# Maximum Likelihood estimation and the Kalman filter

I know the Kalman filter recursions and can derive these but what I don't really get is how to estimate the hyper parameters using maximum likelihood.

I understand that when running the Kalman filter we get the prediction error and its variance which can be used the construct the likelihood function.

What I don't really get is the order these steps are done in. Am I supposed to:

Method 1

1) Run the Kalman filter given arbitrary starting values and obtain the likelihood function.

2) Maximize the likelihood function wrt to the hyper parameters of the model.

OR

Method 2

1) Estimate the hyper-parameters of the state space model using maximum likelihood.

2) Run the Kalman filter with the hyper-parameters set at these estimates.

I found this question which answers what I need: LogLikelihood Parameter Estimation for Linear Gaussian Kalman Filter. Here the hyper parameters are estimated from the likelihood function and that is the same as the algorithm on p. 8 top in these lecture notes specifies. However, in the same notes it is written (p. 10 mid): "Given a set of optimal parameter values, $\theta_{ML}$, it is now worth to explore the paths of unobserved components...".

Is the correct way to conduct the analysis the following?

Method 3

1) Run the Kalman filter given arbitrary starting values and obtain the likelihood function.

2) Maximize the likelihood function wrt to the hyper parameters of the model.

3) Run the Kalman filter again using the ML estimates obtained in step 2).

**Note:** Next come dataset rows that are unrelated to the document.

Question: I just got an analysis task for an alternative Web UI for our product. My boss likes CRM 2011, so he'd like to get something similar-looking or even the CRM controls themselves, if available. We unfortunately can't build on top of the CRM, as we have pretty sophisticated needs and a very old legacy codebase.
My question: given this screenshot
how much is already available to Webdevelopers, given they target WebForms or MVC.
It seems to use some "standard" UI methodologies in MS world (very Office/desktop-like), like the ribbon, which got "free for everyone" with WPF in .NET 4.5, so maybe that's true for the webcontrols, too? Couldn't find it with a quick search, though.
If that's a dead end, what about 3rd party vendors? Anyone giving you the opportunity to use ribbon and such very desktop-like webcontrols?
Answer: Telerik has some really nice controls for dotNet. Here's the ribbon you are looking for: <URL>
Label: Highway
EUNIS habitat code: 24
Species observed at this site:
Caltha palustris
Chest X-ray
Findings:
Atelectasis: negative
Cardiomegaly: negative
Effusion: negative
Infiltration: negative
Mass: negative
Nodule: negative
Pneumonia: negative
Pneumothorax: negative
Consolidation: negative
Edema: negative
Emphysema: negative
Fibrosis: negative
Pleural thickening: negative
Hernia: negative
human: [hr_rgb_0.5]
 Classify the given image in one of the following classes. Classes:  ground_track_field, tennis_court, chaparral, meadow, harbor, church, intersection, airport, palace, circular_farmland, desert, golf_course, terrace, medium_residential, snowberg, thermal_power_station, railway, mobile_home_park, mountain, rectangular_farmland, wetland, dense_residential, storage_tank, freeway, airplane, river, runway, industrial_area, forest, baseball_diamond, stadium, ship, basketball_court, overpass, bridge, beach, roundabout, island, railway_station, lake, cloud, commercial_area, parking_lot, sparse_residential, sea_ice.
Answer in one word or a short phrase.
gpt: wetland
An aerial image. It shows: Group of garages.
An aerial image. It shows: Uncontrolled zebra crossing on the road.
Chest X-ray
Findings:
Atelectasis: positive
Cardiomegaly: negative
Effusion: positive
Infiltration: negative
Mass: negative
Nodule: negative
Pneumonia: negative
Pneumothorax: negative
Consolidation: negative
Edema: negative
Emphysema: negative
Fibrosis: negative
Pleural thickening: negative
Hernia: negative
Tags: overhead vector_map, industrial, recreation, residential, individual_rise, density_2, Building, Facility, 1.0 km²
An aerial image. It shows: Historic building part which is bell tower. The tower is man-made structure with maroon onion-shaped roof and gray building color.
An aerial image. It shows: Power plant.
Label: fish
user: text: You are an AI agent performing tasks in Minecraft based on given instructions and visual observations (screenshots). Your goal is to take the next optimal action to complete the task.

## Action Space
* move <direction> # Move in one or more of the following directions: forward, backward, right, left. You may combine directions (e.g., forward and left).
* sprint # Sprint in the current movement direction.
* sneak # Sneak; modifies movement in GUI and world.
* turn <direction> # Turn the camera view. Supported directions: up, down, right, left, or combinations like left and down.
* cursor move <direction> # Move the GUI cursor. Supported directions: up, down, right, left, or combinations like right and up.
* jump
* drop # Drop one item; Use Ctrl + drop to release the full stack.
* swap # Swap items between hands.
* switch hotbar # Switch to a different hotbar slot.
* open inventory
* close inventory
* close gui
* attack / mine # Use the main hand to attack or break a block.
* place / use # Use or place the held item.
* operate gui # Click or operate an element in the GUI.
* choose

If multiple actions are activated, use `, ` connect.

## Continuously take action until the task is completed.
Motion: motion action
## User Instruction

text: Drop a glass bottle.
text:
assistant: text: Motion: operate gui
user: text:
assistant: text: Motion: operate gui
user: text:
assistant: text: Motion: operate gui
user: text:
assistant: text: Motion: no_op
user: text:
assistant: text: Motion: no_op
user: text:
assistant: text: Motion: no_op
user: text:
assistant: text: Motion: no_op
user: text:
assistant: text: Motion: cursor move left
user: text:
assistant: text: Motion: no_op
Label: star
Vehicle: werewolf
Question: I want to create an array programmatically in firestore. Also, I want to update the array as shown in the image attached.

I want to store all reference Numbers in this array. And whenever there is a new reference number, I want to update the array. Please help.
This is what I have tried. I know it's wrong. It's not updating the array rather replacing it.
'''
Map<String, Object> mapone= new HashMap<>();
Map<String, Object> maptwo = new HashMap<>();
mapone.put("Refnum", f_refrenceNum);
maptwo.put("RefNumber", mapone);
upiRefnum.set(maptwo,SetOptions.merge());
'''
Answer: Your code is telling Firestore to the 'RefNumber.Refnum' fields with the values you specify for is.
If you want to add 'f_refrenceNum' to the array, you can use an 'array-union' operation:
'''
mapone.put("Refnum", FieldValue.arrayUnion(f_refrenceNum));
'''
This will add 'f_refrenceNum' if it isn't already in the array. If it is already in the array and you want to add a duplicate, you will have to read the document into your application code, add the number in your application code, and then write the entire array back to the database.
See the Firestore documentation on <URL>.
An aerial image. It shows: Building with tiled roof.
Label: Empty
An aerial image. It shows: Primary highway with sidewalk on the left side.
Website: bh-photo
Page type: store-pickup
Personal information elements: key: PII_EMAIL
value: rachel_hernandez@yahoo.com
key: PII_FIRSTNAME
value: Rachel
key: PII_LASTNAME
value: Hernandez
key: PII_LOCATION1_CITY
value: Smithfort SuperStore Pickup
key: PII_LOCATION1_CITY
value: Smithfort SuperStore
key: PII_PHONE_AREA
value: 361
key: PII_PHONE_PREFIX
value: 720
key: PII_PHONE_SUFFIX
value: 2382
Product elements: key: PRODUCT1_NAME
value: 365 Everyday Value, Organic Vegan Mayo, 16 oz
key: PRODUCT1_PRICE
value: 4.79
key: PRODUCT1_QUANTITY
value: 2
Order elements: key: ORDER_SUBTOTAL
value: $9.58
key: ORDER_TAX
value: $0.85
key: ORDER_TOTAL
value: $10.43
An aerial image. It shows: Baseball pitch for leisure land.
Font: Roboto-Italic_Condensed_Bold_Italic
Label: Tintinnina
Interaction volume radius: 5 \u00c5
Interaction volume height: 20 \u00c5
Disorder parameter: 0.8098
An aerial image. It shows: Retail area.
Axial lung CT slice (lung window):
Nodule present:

Use these state estimates in the following analysis?

• Method 2 seems the most reasonable to me: first estimate the parameters of the model by maximum likelihood (as explained in the post that you linked); then, given the optimal set of parameters found by the optimization algorithm, run the Kalman filter or smoother to get an estimate of the state vector. – javlacalle Jun 7 '16 at 6:58
• I'm not sure what you are referring with hyper-parameters. In the context of the model defined in section 2.1 of the document that you link, I would distinguish two elements: 1) the parameters to be estimated by ML, i.e., the variances ($\sigma^2_v$, $\sigma^2_w$, $\sigma^2_e$), and 2) the state vector (latent variables or unobserved components), which are the trend $n_t$, the stochastic drift $g_t$ and the cycle $x_t$. The estimates of the latter should be obtained after having estimated the variances by ML. – javlacalle Jun 7 '16 at 6:59
• Thanks for the comment. By hyper-parameters I mean the parameters determining the stochastic properties of the state vector and the variance parameter. I think method 3 is right (correct me if I am wrong). One sets initial values. Runs the Kalman filter and obtains a likelihood function. Uses these parameter estimates instead of the initial values and runs the Kalman filter again. This process is then continued until convergence. Is this correct? – Plissken Jun 15 '16 at 20:00
• I assume you are updating the parameters at each stage by means of an optimization algorithm, in that case the process seems reasonable to me. – javlacalle Jun 17 '16 at 20:20

I could be wrong, but what makes sense to me is this:

1. define a function for the kalman filtering and prediction. Make that output the log likelihood (using v and the covariance matrix of v). The log likelihood in this case is described in the stack exchange post you refer to. Make sure Q, R, mu_0 and A are free parameters
2. Optimize the function with respect to those parameters by maximizing the log likelihood.

Essentially yes, the underlying optimization procedure will start with random parameter values but from there it will optimize the parameters to fit the observables. I don't see how you can estimate these parameters first and then do the kalman filter.

We need to first clarify things here. The original derivation of Kalman filter is optimal for causal predictions. That means you predict at time $$t$$ given observations until time $$t$$.

Now for the maximum likelihood (ML) inference of parameters, assuming that these parameters are shared across time, during inference of hidden state variables you need to use the non-causal version of Kalman filter, that is the forward-backward Kalman filter (RTS smoothing).

After that you carry out ML estimation as usual. This is an instance of the well-known Expectation-Maximization algorithm, applied within the context of Kalman Filtering as early as 1982! Therefore it is iterative, and you do not necessarily arrive at a global optimum. As typical with these models, starting from a sensible values of hyperparameters first and running the forward-backward algorithm thereon will give better results. This is the case with most Bayesian models that result in non-convex objective functions (EM, Variational Inference, ...).